I don’t talk about my consulting gigs much on this blog, since there is surprisingly little overlap between my money-making work and my writing. But many people seem to be very curious about precisely what sort of consulting I do, and how that side of ribbonfarm operates. Unfortunately, it’s hard to explain without talking about actual cases, and I can’t share details of most engagements due to confidentiality constraints. But fortunately, one of my recent clients agreed to let me write up minimally pseudonymized account of a brief gig I did with them a while back.  So here goes.

It all began when my phone rang at 1 AM on a Tuesday morning a few months ago. The caller launched right into it the moment I answered.

“Oh thank God! Donna has the ‘flu…I tried calling Guanxi Gao, but I can’t reach him. I left a message but… omigod, we’re going to run out of inventory by Friday, what are we going to do?”

If you aren’t used to the consulting world, this is how most engagements begin: you’re dropped into a panicked conversation in the middle of a crisis that has already been unfolding for sometime.

Luckily, I was not yet in bed, but doing some routine Open Twitter Operations from the Ribbonfarm Consulting Command Center.

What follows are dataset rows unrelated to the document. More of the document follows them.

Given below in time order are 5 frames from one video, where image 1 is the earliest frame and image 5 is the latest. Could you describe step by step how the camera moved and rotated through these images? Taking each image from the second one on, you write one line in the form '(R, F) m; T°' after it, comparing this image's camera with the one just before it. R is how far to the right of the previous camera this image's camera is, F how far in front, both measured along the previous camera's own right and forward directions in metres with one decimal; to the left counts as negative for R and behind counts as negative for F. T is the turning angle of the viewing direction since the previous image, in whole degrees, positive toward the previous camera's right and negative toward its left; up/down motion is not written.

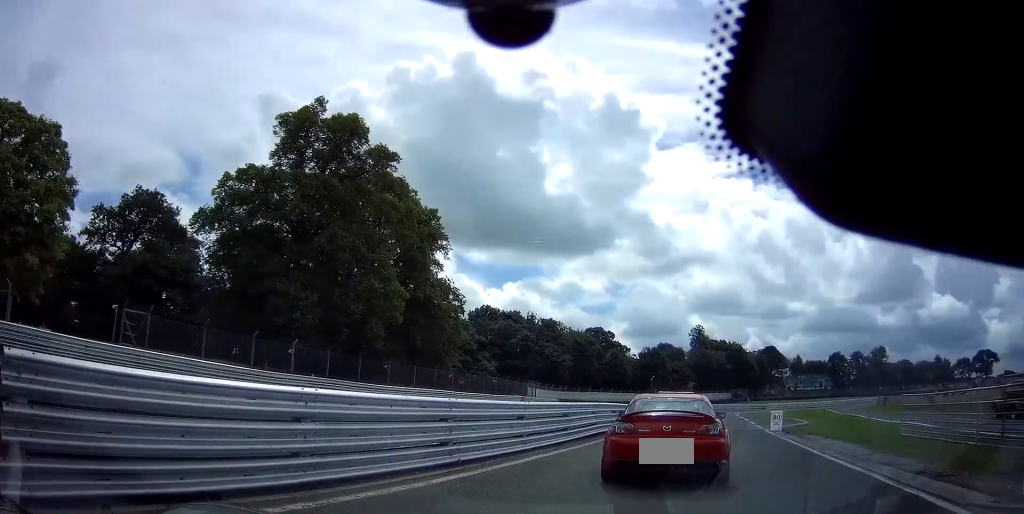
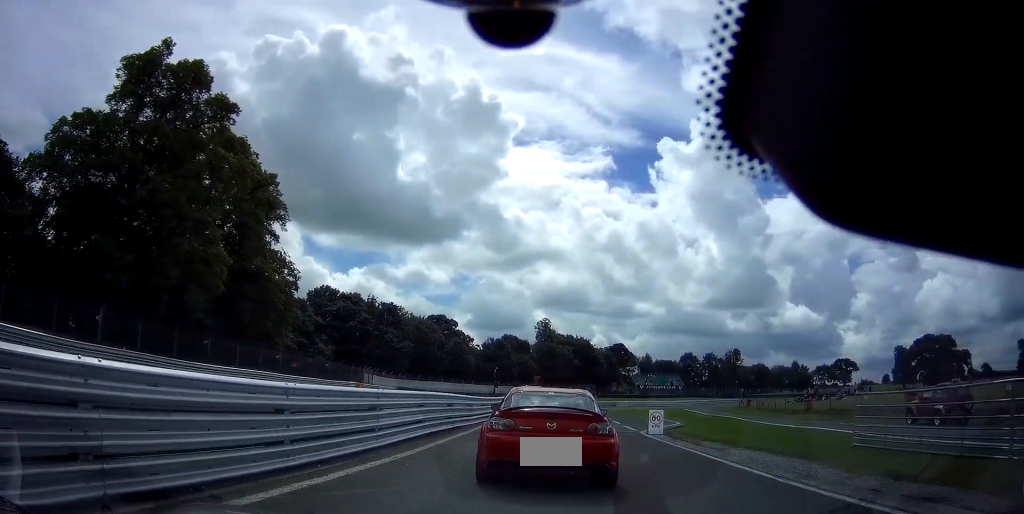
(+0.8, +4.6) m; +13°
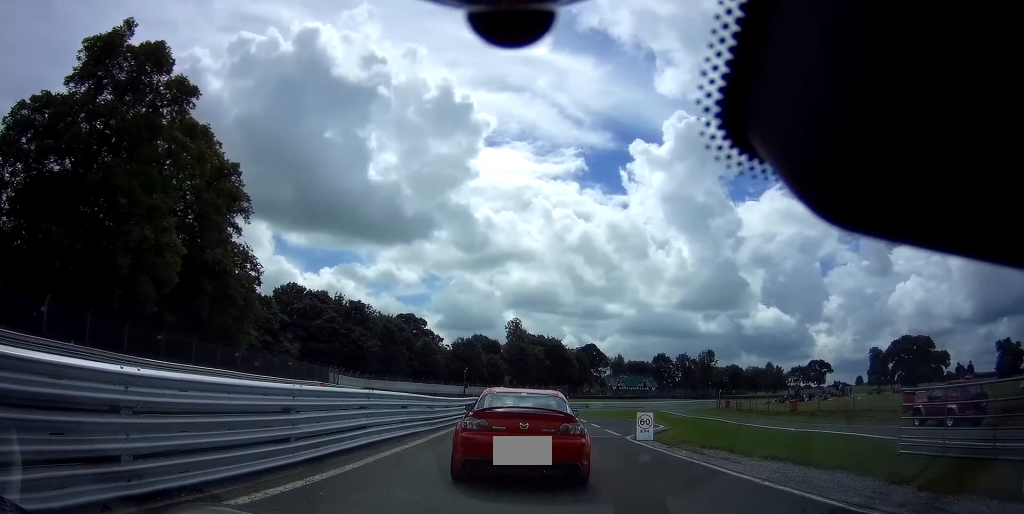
(-0.1, +2.7) m; -1°
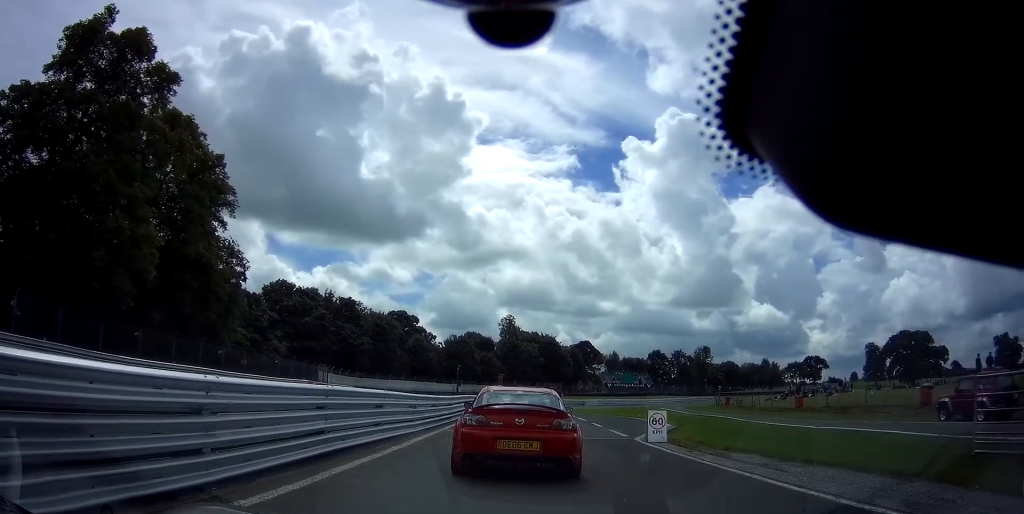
(0.0, +2.2) m; +1°
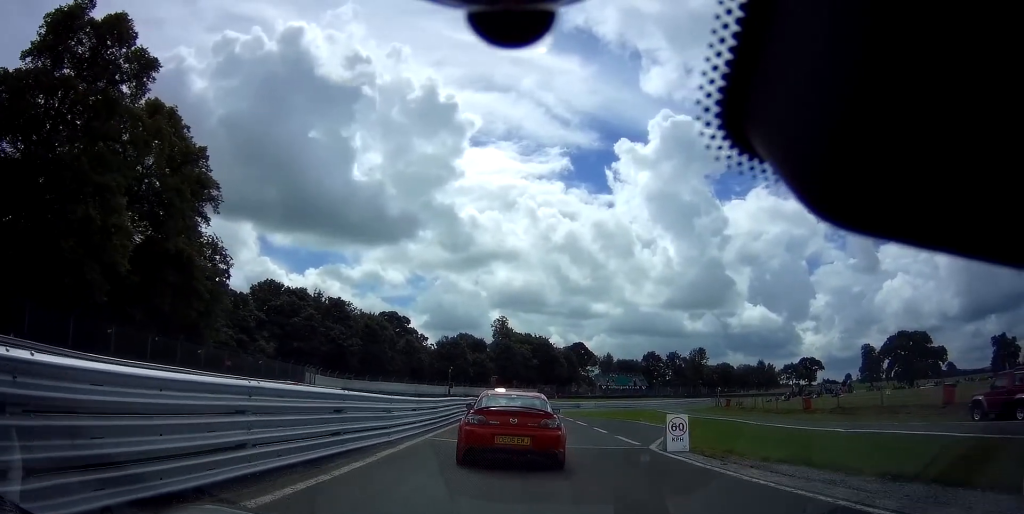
(0.0, +2.5) m; +1°

I hit the red alert button on my desk, which turned off all but one of the 16 flat-panel displays that line one wall of the darkened main room of the RCCC. The one that stayed on showed a blank 2×2 grid with a flashing lemon-yellow border. The speakers switched from Mongolian throat singing to a steady pip…pip…pip. 

16panel

Many consultants today use more complicated first-responder protocols, but I am old-fashioned. One clean vertical stroke, one clean horizontal stroke, at most 10 quick labels, and you’ve got your Situation all Awared-Up in the top right. 75% complexity reduction in minutes.

Ten seconds into the call, and I was already set up to Observe, Orient, Decide and Act. This is the sort of agility my clients have come to expect from me.